Extracted records:
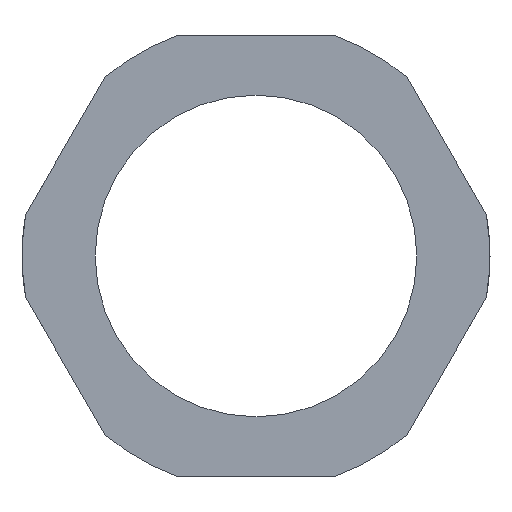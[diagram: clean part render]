
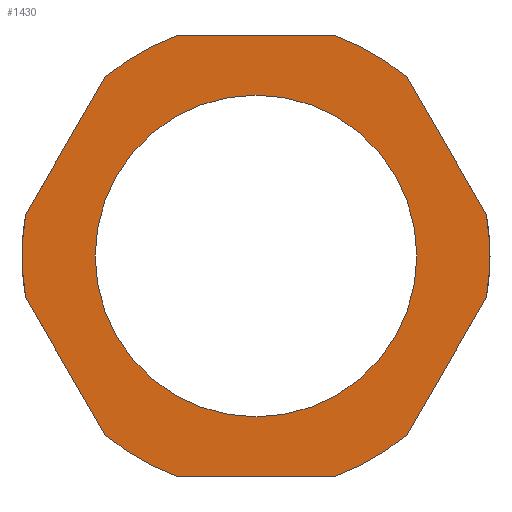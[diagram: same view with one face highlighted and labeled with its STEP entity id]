
A CAD part, front view. The second image highlights one B-rep face of the part: STEP entity #1430.
In plain terms, the highlighted face is planar.
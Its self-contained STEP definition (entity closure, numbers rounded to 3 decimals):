
#440=CARTESIAN_POINT('',(-3.,14.698,0.));
#450=DIRECTION('',(-1.,0.,0.));
#460=DIRECTION('',(0.,1.,0.));
#470=AXIS2_PLACEMENT_3D('',#440,#450,#460);
#480=PLANE('',#470);
#490=CARTESIAN_POINT('',(-3.,0.,0.));
#500=DIRECTION('',(-1.,0.,0.));
#510=DIRECTION('',(0.,1.,0.));
#520=AXIS2_PLACEMENT_3D('',#490,#500,#510);
#530=CIRCLE('',#520,11.688);
#540=CARTESIAN_POINT('',(-3.,11.688,0.));
#550=VERTEX_POINT('',#540);
#560=CARTESIAN_POINT('',(-3.,-11.688,0.));
#570=VERTEX_POINT('',#560);
#580=EDGE_CURVE('',#550,#570,#530,.T.);
#590=ORIENTED_EDGE('',*,*,#580,.F.);
#600=EDGE_CURVE('',#570,#550,#530,.T.);
#610=ORIENTED_EDGE('',*,*,#600,.F.);
#620=EDGE_LOOP('',(#610,#590));
#630=FACE_BOUND('',#620,.T.);
#640=CARTESIAN_POINT('',(-3.,-18.475,0.));
#650=DIRECTION('',(0.,-0.5,0.866));
#660=VECTOR('',#650,1.);
#670=LINE('',#640,#660);
#680=CARTESIAN_POINT('',(-3.,-10.984,-12.975));
#690=VERTEX_POINT('',#680);
#700=CARTESIAN_POINT('',(-3.,-16.729,-3.025));
#710=VERTEX_POINT('',#700);
#720=EDGE_CURVE('',#690,#710,#670,.T.);
#730=ORIENTED_EDGE('',*,*,#720,.T.);
#740=CARTESIAN_POINT('',(-3.,0.,0.));
#750=DIRECTION('',(-1.,0.,0.));
#760=DIRECTION('',(0.,1.,0.));
#770=AXIS2_PLACEMENT_3D('',#740,#750,#760);
#780=CIRCLE('',#770,17.);
#790=CARTESIAN_POINT('',(-3.,-5.745,-16.));
#800=VERTEX_POINT('',#790);
#810=EDGE_CURVE('',#800,#690,#780,.T.);
#820=ORIENTED_EDGE('',*,*,#810,.T.);
#830=CARTESIAN_POINT('',(-3.,0.,-16.));
#840=DIRECTION('',(0.,-1.,0.));
#850=VECTOR('',#840,1.);
#860=LINE('',#830,#850);
#870=CARTESIAN_POINT('',(-3.,5.745,-16.));
#880=VERTEX_POINT('',#870);
#890=EDGE_CURVE('',#880,#800,#860,.T.);
#900=ORIENTED_EDGE('',*,*,#890,.T.);
#910=CARTESIAN_POINT('',(-3.,10.984,-12.975));
#920=VERTEX_POINT('',#910);
#930=EDGE_CURVE('',#920,#880,#780,.T.);
#940=ORIENTED_EDGE('',*,*,#930,.T.);
#950=CARTESIAN_POINT('',(-3.,18.475,0.));
#960=DIRECTION('',(0.,-0.5,-0.866));
#970=VECTOR('',#960,1.);
#980=LINE('',#950,#970);
#990=CARTESIAN_POINT('',(-3.,16.729,-3.025));
#1000=VERTEX_POINT('',#990);
#1010=EDGE_CURVE('',#1000,#920,#980,.T.);
#1020=ORIENTED_EDGE('',*,*,#1010,.T.);
#1030=CARTESIAN_POINT('',(-3.,16.729,3.025));
#1040=VERTEX_POINT('',#1030);
#1050=EDGE_CURVE('',#1040,#1000,#780,.T.);
#1060=ORIENTED_EDGE('',*,*,#1050,.T.);
#1070=CARTESIAN_POINT('',(-3.,18.475,0.));
#1080=DIRECTION('',(0.,0.5,-0.866));
#1090=VECTOR('',#1080,1.);
#1100=LINE('',#1070,#1090);
#1110=CARTESIAN_POINT('',(-3.,10.984,12.975));
#1120=VERTEX_POINT('',#1110);
#1130=EDGE_CURVE('',#1120,#1040,#1100,.T.);
#1140=ORIENTED_EDGE('',*,*,#1130,.T.);
#1150=CARTESIAN_POINT('',(-3.,5.745,16.));
#1160=VERTEX_POINT('',#1150);
#1170=EDGE_CURVE('',#1160,#1120,#780,.T.);
#1180=ORIENTED_EDGE('',*,*,#1170,.T.);
#1190=CARTESIAN_POINT('',(-3.,0.,16.));
#1200=DIRECTION('',(0.,1.,0.));
#1210=VECTOR('',#1200,1.);
#1220=LINE('',#1190,#1210);
#1230=CARTESIAN_POINT('',(-3.,-5.745,16.));
#1240=VERTEX_POINT('',#1230);
#1250=EDGE_CURVE('',#1240,#1160,#1220,.T.);
#1260=ORIENTED_EDGE('',*,*,#1250,.T.);
#1270=CARTESIAN_POINT('',(-3.,-10.984,12.975));
#1280=VERTEX_POINT('',#1270);
#1290=EDGE_CURVE('',#1280,#1240,#780,.T.);
#1300=ORIENTED_EDGE('',*,*,#1290,.T.);
#1310=CARTESIAN_POINT('',(-3.,-18.475,0.));
#1320=DIRECTION('',(0.,0.5,0.866));
#1330=VECTOR('',#1320,1.);
#1340=LINE('',#1310,#1330);
#1350=CARTESIAN_POINT('',(-3.,-16.729,3.025));
#1360=VERTEX_POINT('',#1350);
#1370=EDGE_CURVE('',#1360,#1280,#1340,.T.);
#1380=ORIENTED_EDGE('',*,*,#1370,.T.);
#1390=EDGE_CURVE('',#710,#1360,#780,.T.);
#1400=ORIENTED_EDGE('',*,*,#1390,.T.);
#1410=EDGE_LOOP('',(#1400,#1380,#1300,#1260,#1180,#1140,#1060,#1020,#940
,#900,#820,#730));
#1420=FACE_OUTER_BOUND('',#1410,.T.);
#1430=ADVANCED_FACE('',(#630,#1420),#480,.T.);
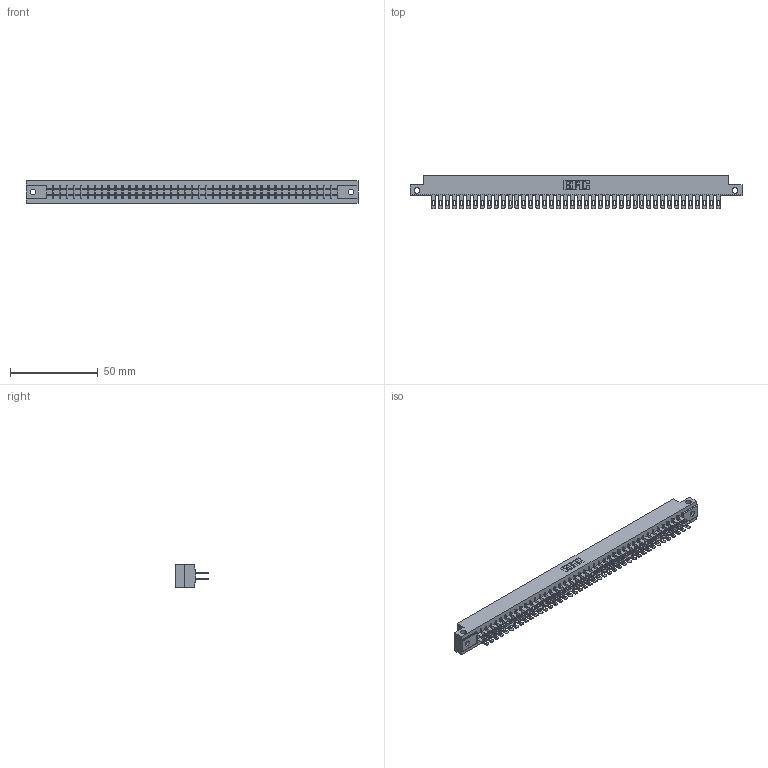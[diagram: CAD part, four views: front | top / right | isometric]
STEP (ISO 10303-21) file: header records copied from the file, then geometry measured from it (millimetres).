
FILE_DESCRIPTION (( 'STEP AP203' ), '1' );
FILE_NAME ('355-084-500-512.STEP', '2020-09-20T10:53:02', ( '' ), ( '' ), 'SwSTEP 2.0', 'SolidWorks 2020', '' );
FILE_SCHEMA (( 'CONFIG_CONTROL_DESIGN' ));
Length unit declared in the file: inch
Products named in the file (3): 355-084-500-512; 305 Part_.128 Dia; 305-290-001_500
Assembly tree (85 placements, depth 2):
  355-084-500-512
    305 Part_.128 Dia
    305-290-001_500  x84
Bounding box: 189.43 x 18.85 x 12.7 mm (x, y, z)
Volume: 19239.9 mm3; surface area: 27131.5 mm2
Topology: 85 solids, 85 shells, 4328 faces, 12406 edges, 8040 vertices
Faces by surface type: plane 2420, cylinder 1740, sphere 168
Entity records: 45903 total; most frequent: CARTESIAN_POINT 7644, ORIENTED_EDGE 7544, DIRECTION 7336, EDGE_CURVE 3772, VECTOR 3032, LINE 3032, VERTEX_POINT 2396, AXIS2_PLACEMENT_3D 2152

_TASK DIRECTIONS_
Give the lines again exactly, starting where the entries begin and stopping once the line with "In plain terms, the" is included; pictures are not copied.

_WORKED SOLUTION_
[diagram: clean part render]
[diagram: same view with one face highlighted and labeled with its STEP entity id]
A CAD part, front view. The second image highlights one B-rep face of the part: STEP entity #1430.
In plain terms, the highlighted face is planar.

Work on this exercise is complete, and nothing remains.